Much of higher ed has dismissed it as inferior for too long and the category has to adapt. There are purely online programs for major universities, I think even Yale has one or more, I forget the department(s) - this is going to shift the conversation around online delivery in higher ed and schools that find way to deliver programs in an online and in-person format will win. I personally think it's inferior as so much of college is the outside of classroom experience that helps shape world view and provides people with new perspectives and that is lost in online delivery.

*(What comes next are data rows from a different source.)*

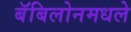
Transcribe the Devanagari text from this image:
बॅबिलोनमधले
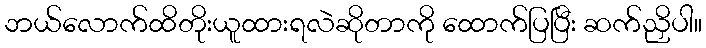
ဘယ်လောက်ထိတိုးယူထားရလဲဆိုတာကို ထောက်ပြပြီး ဆက်ညှိပါ။
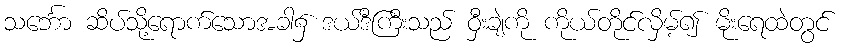
သင်္ဘော ဆိပ်သို့ရောက်သောအခါ၌ ဒယ်ဒီကြီးသည် ဝှီးချဲကို ကိုယ်တိုင်လှိမ့်၍ မိုးရေထဲတွင်
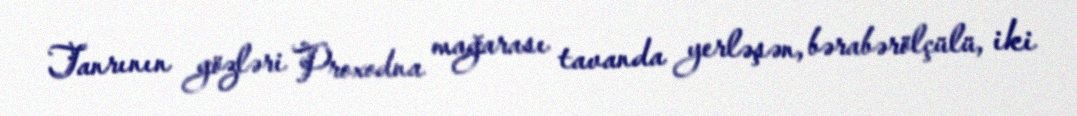
Tanrının gözləri Proxodna mağarası tavanda yerləşən, bərabərölçülü, iki
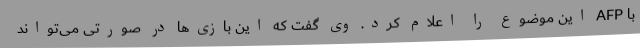
با AFP این موضوع را اعلام کرد. وی گفت که این بازی‌ها در صورتی می‌تواند
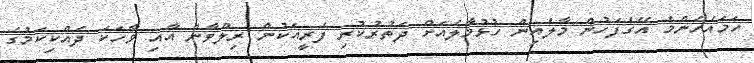
ހަމައެހެންމެ އޭގެފަހުން މާލެއިން ހުޅުމާލެއަށް ދަތުރުކުރި ފެރީއަކުން ރިލްވާން އާއި ވާހަކަ ދެއްކިކަމުގެ
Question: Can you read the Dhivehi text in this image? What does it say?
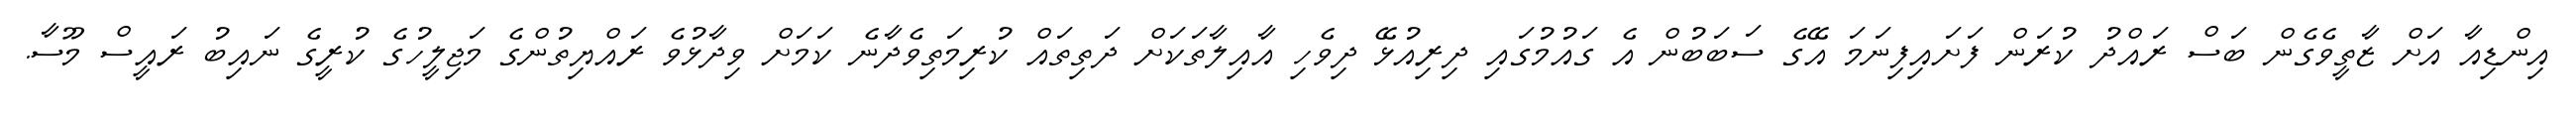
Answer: އިންޑިއާ އަށް ޒާތީވެގެން ބަސް ރައްދު ކުރަން ފަށައިފިނަމަ އޭގެ ސަބަބުން އެ ގައުމުގައި ދިރިއުޅޭ ދިވެހި އާއިލާތަކަށް ދަތިތައް ކުރިމަތިވެދާނެ ކަމަށް ވިދާޅުވެ ރައްޔިތުންގެ މަޖިލީހުގެ ކުރީގެ ނައިބު ރައީސް މޫސާ.
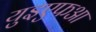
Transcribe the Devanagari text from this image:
युइएफआ
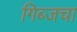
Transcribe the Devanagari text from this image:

It would be less expensive, but graduates would likely be less prepared for real life.
Absolutely. On line learning has been around since the late 90's and has slowly increased in popularity but I do question its merits. I am not proud of it but I remember a cousin of my wife was taking an online class and needed a high 90 on the final exam to pass the course with a D-. I reluctantly helped and this person received a D-.
Online classes IMO provide 2 things - convenience and cost. I doubt that colleges and Universities who go online in the fall will reduce costs. Especially the private schools. I have a daughter who will be entering her senior year in college. She HATED this type of learning. Some of her professors altered the curriculum because this format. Pay all this money to be short changed.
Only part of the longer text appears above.